Postpartum Urinary Retention: An Expert Review

Document Type

Journal Article

Publication Date

8-3-2022

Journal

American journal of obstetrics and gynecology

DOI

10.1016/j.ajog.2022.07.060

Keywords

bladder protocol; female pelvic medicine and reconstructive surgery; indwelling urethral catheter; intermittent self-catheterization; intrapartum bladder management; patient education; peripartum; postpartum bladder management; urogynecology

Abstract

Postpartum urinary retention is a relatively common condition that can have a significant impact on women in the immediate days following childbirth. If left untreated, postpartum urinary retention can lead to repetitive overdistention injury that may damage the detrusor muscle and the parasympathetic nerve fibers within the bladder wall. In rare circumstances, postpartum urinary retention may even lead to bladder rupture, which is a potentially life-threatening yet entirely preventable complication. Early diagnosis and timely intervention are necessary to decrease long-term consequences. There are three types of postpartum urinary retention: overt, covert, and persistent.
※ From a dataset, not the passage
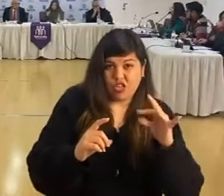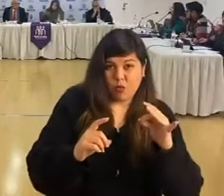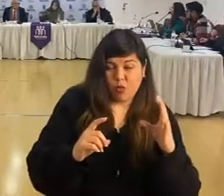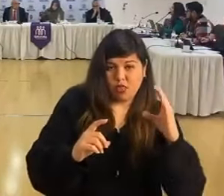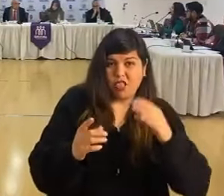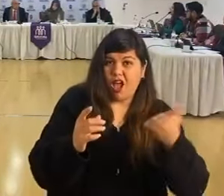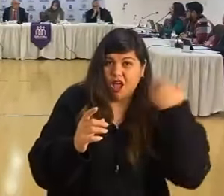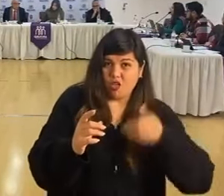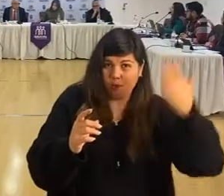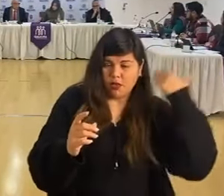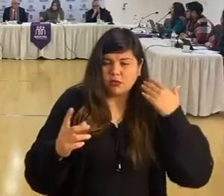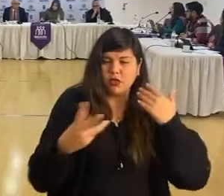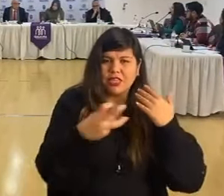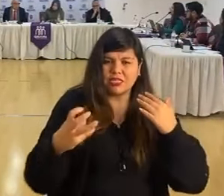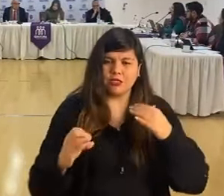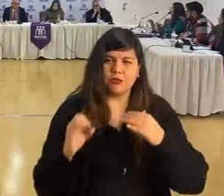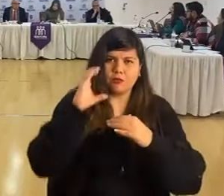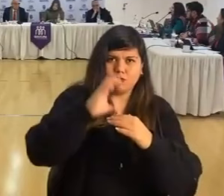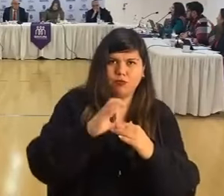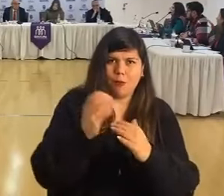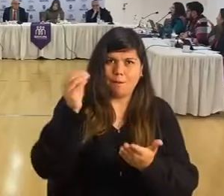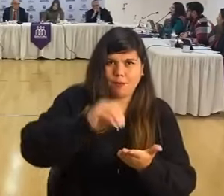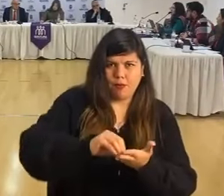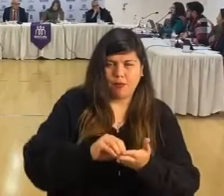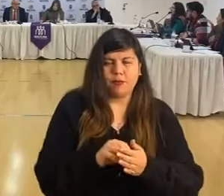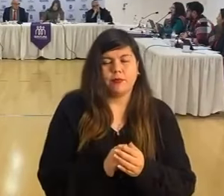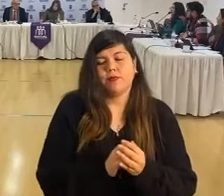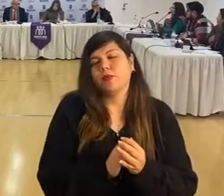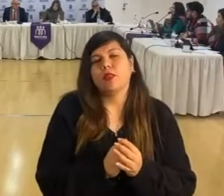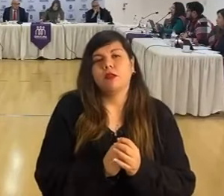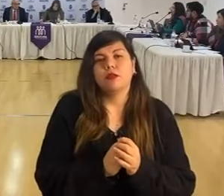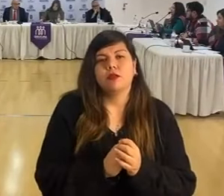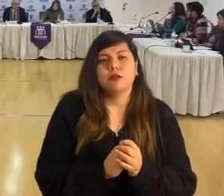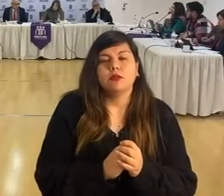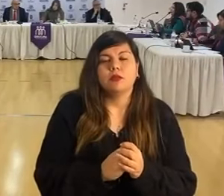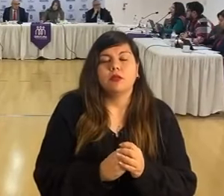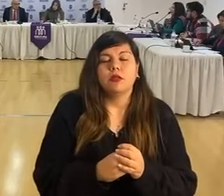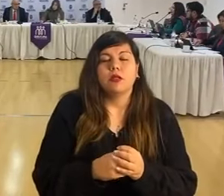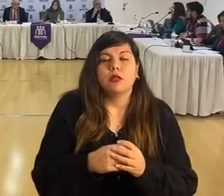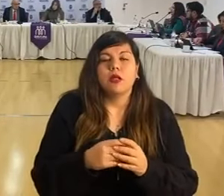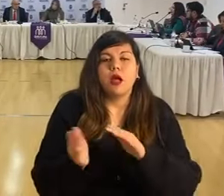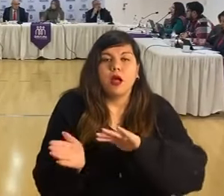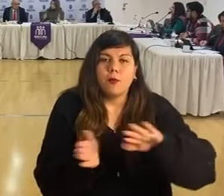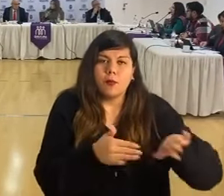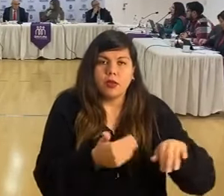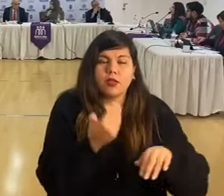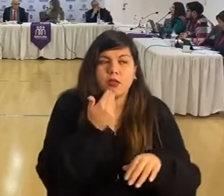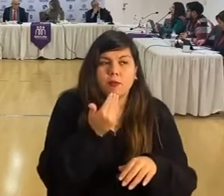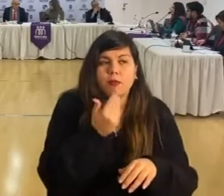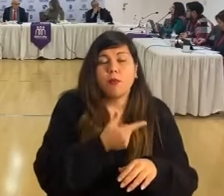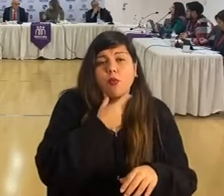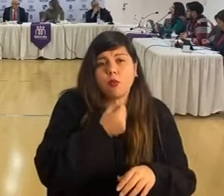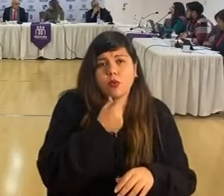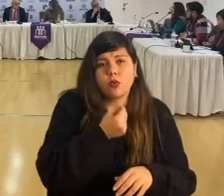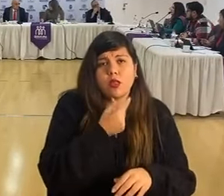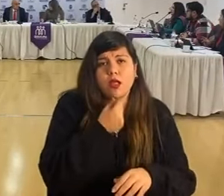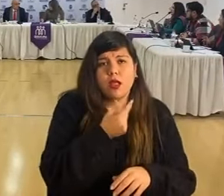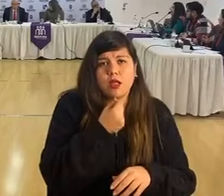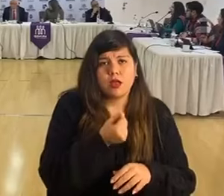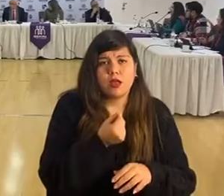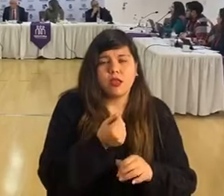Entonces, el monto de la subvención son 300 millones de pesos. Y por otra parte, me gustaría, sí, igual Maya

Overt retention is associated with an inability to void, while covert is associated with incomplete bladder emptying. Persistent urinary retention continues beyond the third postpartum day and can persist for several weeks in rare cases. Recognition of risk factors and prompt diagnosis is important for proper management and prevention of negative sequelae. However, lack of knowledge from providers and patients alike creates barriers to accessing and receiving evidence-based care and may further delay diagnosis for patients, especially those who experience covert postpartum urinary retention. Nationally accepted definitions and management algorithms for postpartum urinary retention are lacking, and development of such guidelines is essential for both patient care and research design. We propose intrapartum recommendations and a standardized postpartum bladder management protocol that will improve patient outcomes and contribute to the growing body of evidence-based practice in this field.